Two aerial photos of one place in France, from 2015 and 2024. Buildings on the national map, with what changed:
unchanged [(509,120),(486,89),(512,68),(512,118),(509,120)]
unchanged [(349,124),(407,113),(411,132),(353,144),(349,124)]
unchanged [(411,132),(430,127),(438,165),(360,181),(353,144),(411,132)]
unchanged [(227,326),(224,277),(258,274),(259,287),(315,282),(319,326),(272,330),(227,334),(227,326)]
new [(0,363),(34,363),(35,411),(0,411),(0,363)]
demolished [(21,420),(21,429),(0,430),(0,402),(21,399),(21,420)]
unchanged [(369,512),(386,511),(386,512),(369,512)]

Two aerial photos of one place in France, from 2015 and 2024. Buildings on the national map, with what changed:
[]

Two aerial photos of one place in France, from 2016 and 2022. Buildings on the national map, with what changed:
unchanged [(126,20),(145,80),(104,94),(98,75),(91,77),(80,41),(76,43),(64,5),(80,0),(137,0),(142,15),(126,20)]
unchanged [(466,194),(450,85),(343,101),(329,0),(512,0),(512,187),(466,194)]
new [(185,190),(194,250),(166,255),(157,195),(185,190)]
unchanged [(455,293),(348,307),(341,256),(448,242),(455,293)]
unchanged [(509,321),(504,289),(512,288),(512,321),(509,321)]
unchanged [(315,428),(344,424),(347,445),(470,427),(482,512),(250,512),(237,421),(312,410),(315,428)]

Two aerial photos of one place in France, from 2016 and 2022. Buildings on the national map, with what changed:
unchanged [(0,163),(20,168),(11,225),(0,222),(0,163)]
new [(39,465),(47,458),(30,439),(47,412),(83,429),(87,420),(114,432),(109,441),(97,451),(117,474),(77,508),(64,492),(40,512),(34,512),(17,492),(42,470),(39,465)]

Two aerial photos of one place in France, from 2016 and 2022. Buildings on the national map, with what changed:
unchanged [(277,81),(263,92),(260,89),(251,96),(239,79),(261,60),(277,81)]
────────
*THE PROBLEM*. An exact copy of every entry above is required.

*ANSWER SPACE*.
Two aerial photos of one place in France, from 2015 and 2024. Buildings on the national map, with what changed:
unchanged [(509,120),(486,89),(512,68),(512,118),(509,120)]
unchanged [(349,124),(407,113),(411,132),(353,144),(349,124)]
unchanged [(411,132),(430,127),(438,165),(360,181),(353,144),(411,132)]
unchanged [(227,326),(224,277),(258,274),(259,287),(315,282),(319,326),(272,330),(227,334),(227,326)]
new [(0,363),(34,363),(35,411),(0,411),(0,363)]
demolished [(21,420),(21,429),(0,430),(0,402),(21,399),(21,420)]
unchanged [(369,512),(386,511),(386,512),(369,512)]

Two aerial photos of one place in France, from 2015 and 2024. Buildings on the national map, with what changed:
[]

Two aerial photos of one place in France, from 2016 and 2022. Buildings on the national map, with what changed:
unchanged [(126,20),(145,80),(104,94),(98,75),(91,77),(80,41),(76,43),(64,5),(80,0),(137,0),(142,15),(126,20)]
unchanged [(466,194),(450,85),(343,101),(329,0),(512,0),(512,187),(466,194)]
new [(185,190),(194,250),(166,255),(157,195),(185,190)]
unchanged [(455,293),(348,307),(341,256),(448,242),(455,293)]
unchanged [(509,321),(504,289),(512,288),(512,321),(509,321)]
unchanged [(315,428),(344,424),(347,445),(470,427),(482,512),(250,512),(237,421),(312,410),(315,428)]

Two aerial photos of one place in France, from 2016 and 2022. Buildings on the national map, with what changed:
unchanged [(0,163),(20,168),(11,225),(0,222),(0,163)]
new [(39,465),(47,458),(30,439),(47,412),(83,429),(87,420),(114,432),(109,441),(97,451),(117,474),(77,508),(64,492),(40,512),(34,512),(17,492),(42,470),(39,465)]

Two aerial photos of one place in France, from 2016 and 2022. Buildings on the national map, with what changed:
unchanged [(277,81),(263,92),(260,89),(251,96),(239,79),(261,60),(277,81)]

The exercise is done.